Comencemos por recordar que MARX adjetiva a su socialismo con la palabra “científico”. Es un punto de partida indispensable para comprender hasta qué punto el marxismo forma parte esencial de la nueva fe. No pretende corregir las afirmaciones básicas de esta sobre la humanidad que progresa gracias a la ciencia. Intenta simplemente precisar esas intuiciones con una visión que permita entender mejor cómo se realiza el progreso y cuál es su meta.
La lucha de clases, el ascenso dialéctico de la humanidad hacia la sociedad sin clases, son todas ideas que traducen a un lenguaje supuestamente científico todo lo que el progresismo ha anunciado.

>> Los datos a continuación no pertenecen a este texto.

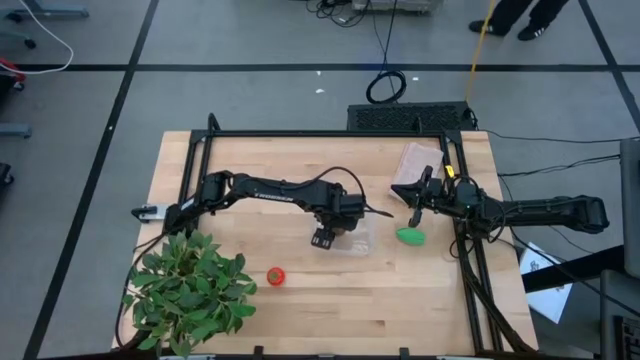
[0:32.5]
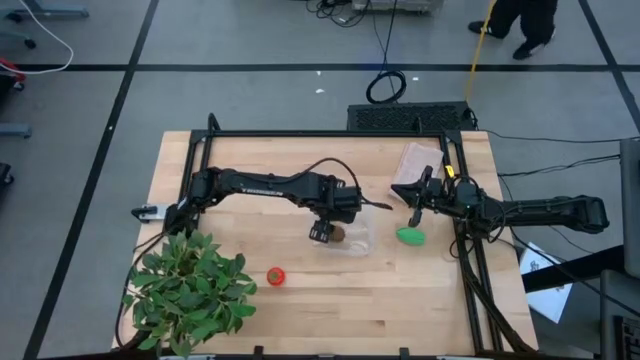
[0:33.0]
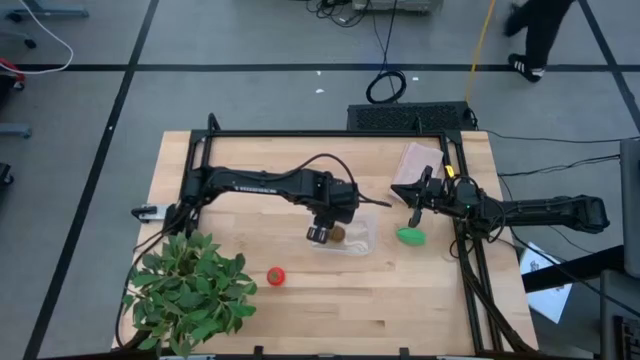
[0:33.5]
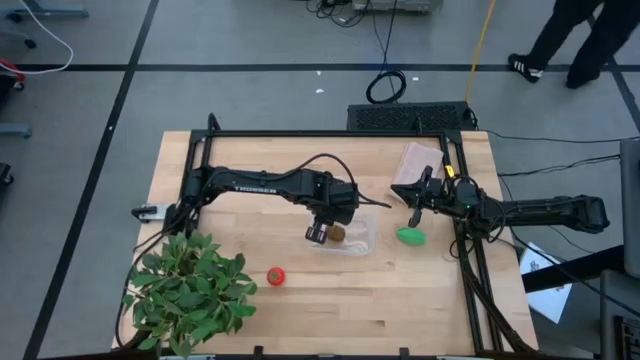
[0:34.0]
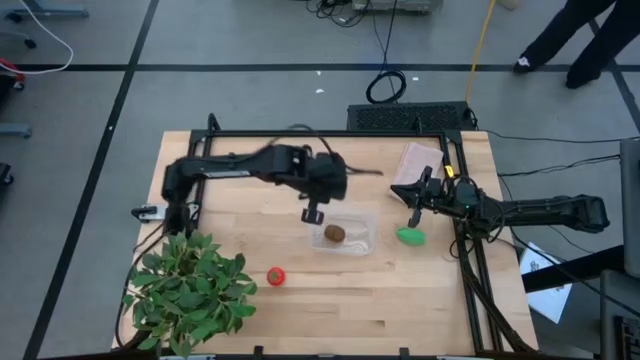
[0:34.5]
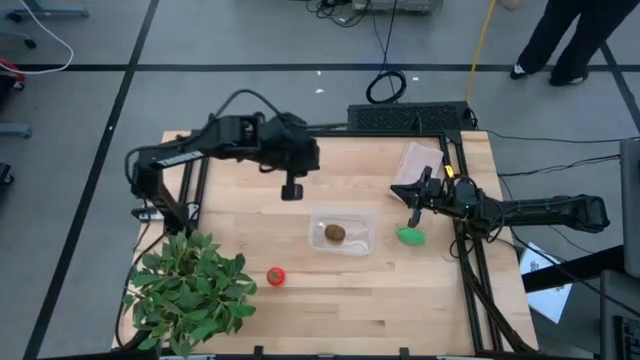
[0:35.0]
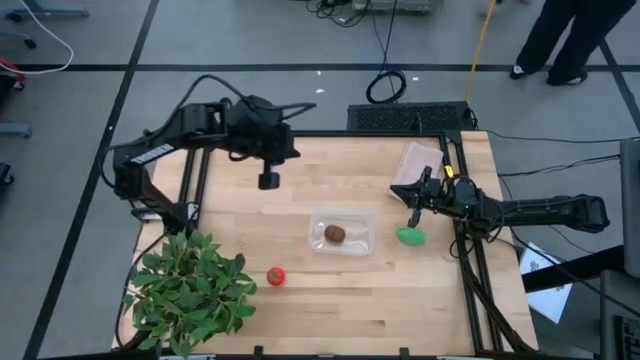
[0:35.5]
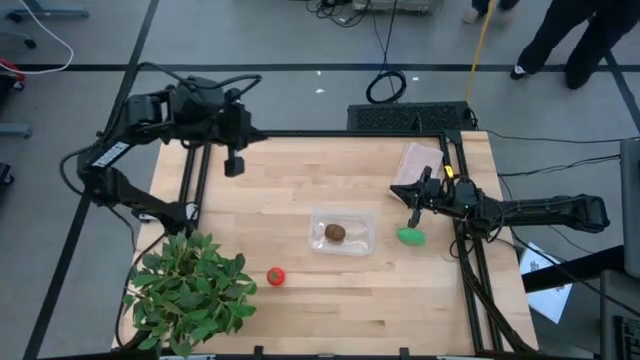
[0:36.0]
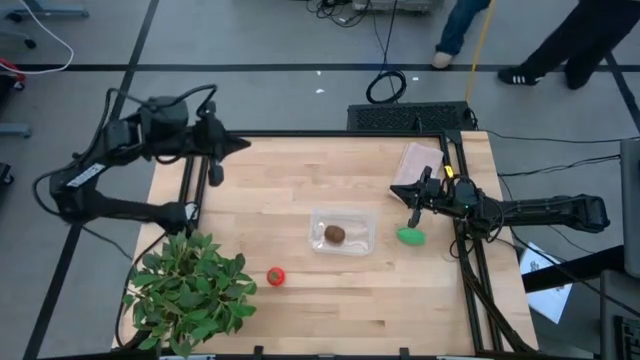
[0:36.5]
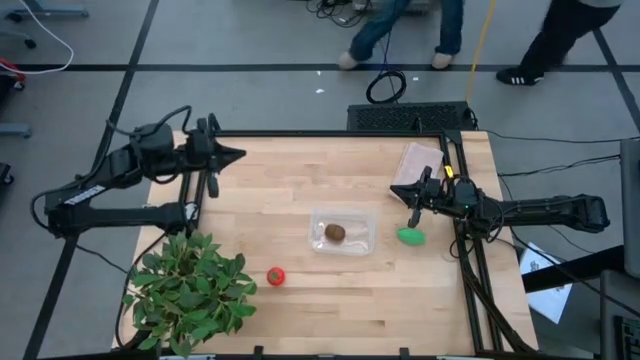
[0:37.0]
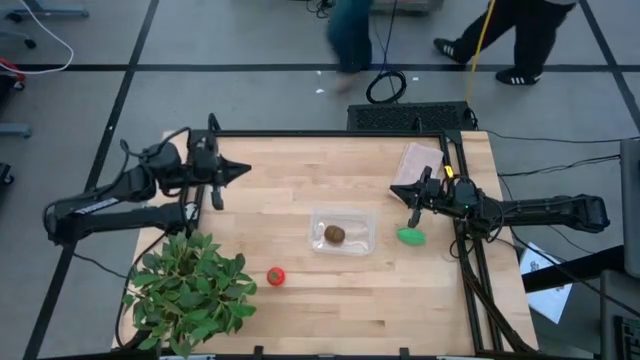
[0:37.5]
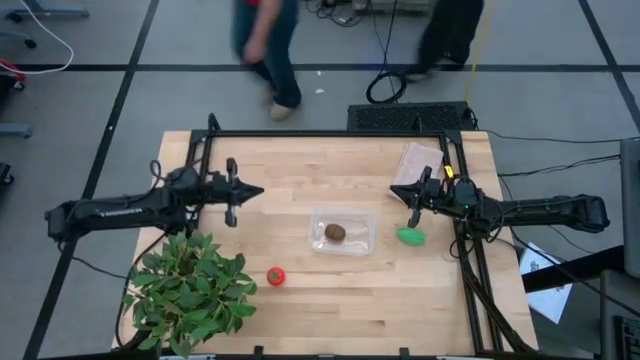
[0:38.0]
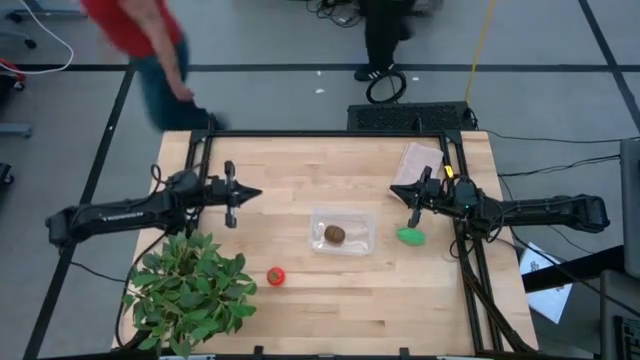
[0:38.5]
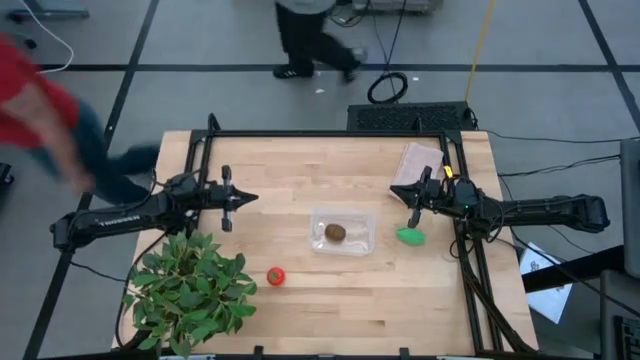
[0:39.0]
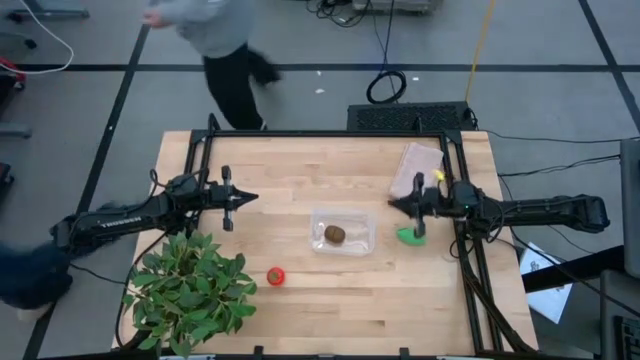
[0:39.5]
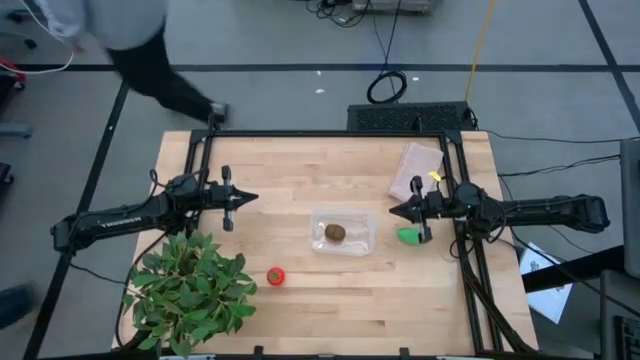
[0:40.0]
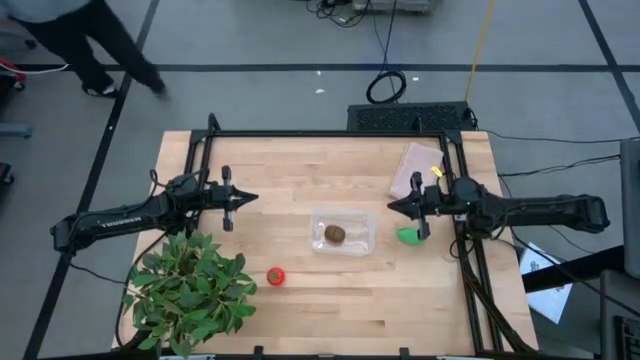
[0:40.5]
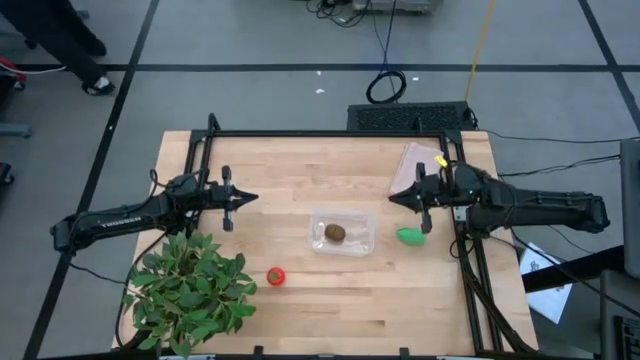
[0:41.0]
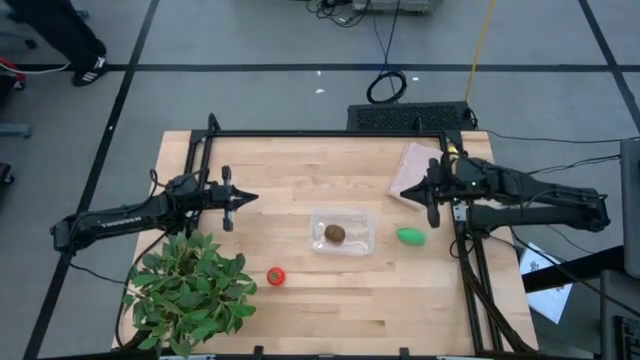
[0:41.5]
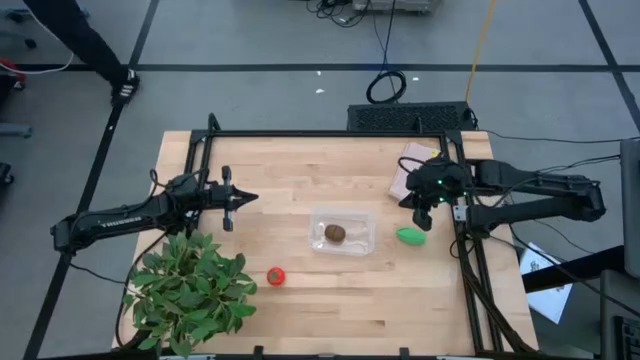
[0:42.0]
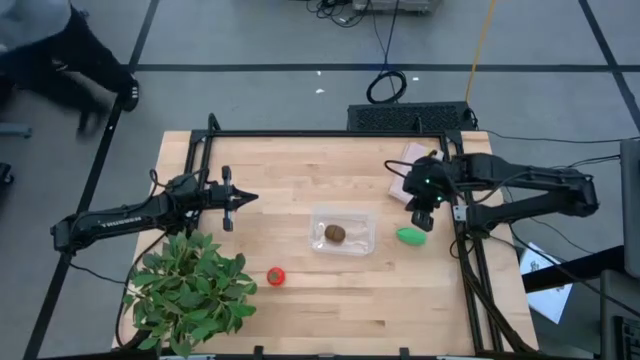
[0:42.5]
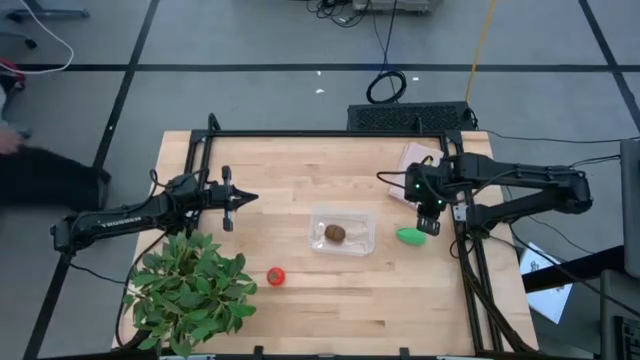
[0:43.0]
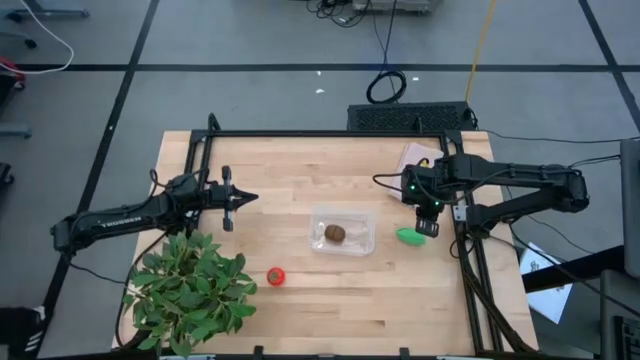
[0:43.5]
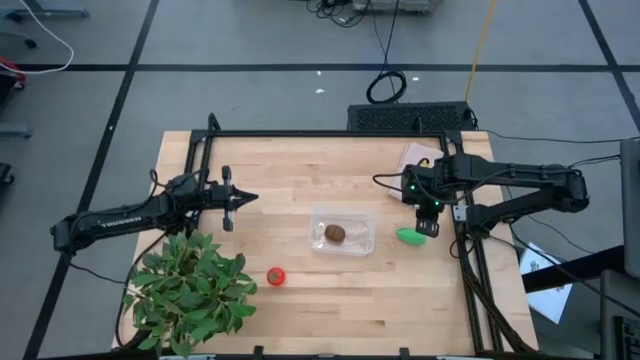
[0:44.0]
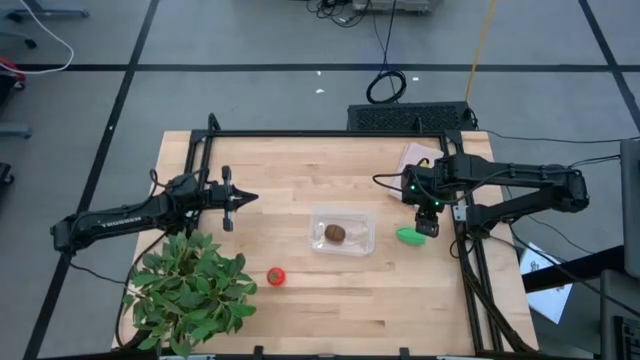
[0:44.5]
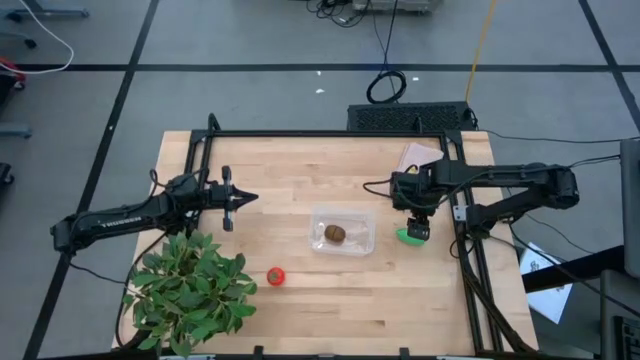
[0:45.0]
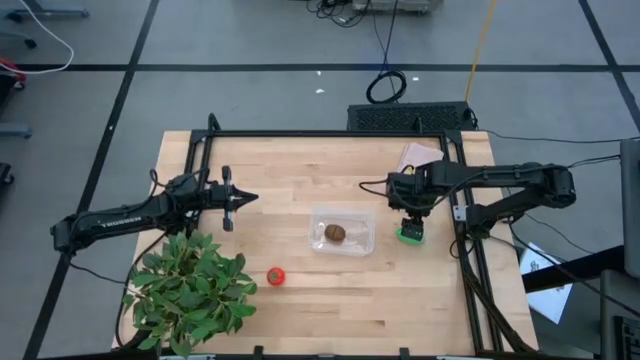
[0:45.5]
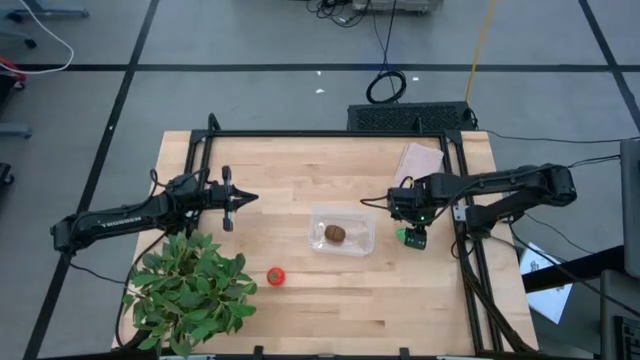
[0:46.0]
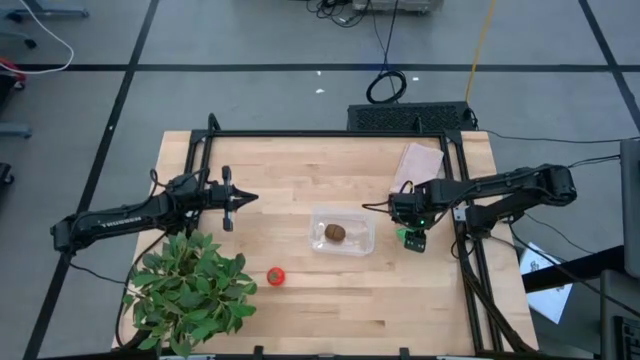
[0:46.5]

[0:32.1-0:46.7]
Task: Pick and placing Produce into tupperware
Put the green corn into the transparent bin

Pero el momento estelar de la nueva fe vendrá con los últimos años del siglo XIX. La segunda revolución industrial parece la confirmación categórica de las promesas del progreso. Automóviles, aviones, grandes obra de una infraestructura que se agiganta día a día. Y todo ello gracias a la ciencia, que ha establecido ahora un vínculo indisoluble con la tecnología. A diferencia de la primera revolución industrial, la segunda extrae sus maravillas directamente de los laboratorios científicos. En 1889, París celebrará los cien años de la Revolución con una gran exposición de los adelantos que el siglo ha creado, todo ello presidido por un símbolo perfecto de los tiempos: la Torre Eiffel, un monstruo de hierro que se convierte en la obra humana más alta de Europa dejando abajo a las torres de las Iglesias góticas. La nueva fe humilla a la vieja.
Los estados de derecho
Al mismo tiempo, los Estados de Derecho, edificados con los supuestos políticos de la nueva religión, proliferan en Europa. La columna vertebral del nuevo Estado democrático es la libertad del individuo.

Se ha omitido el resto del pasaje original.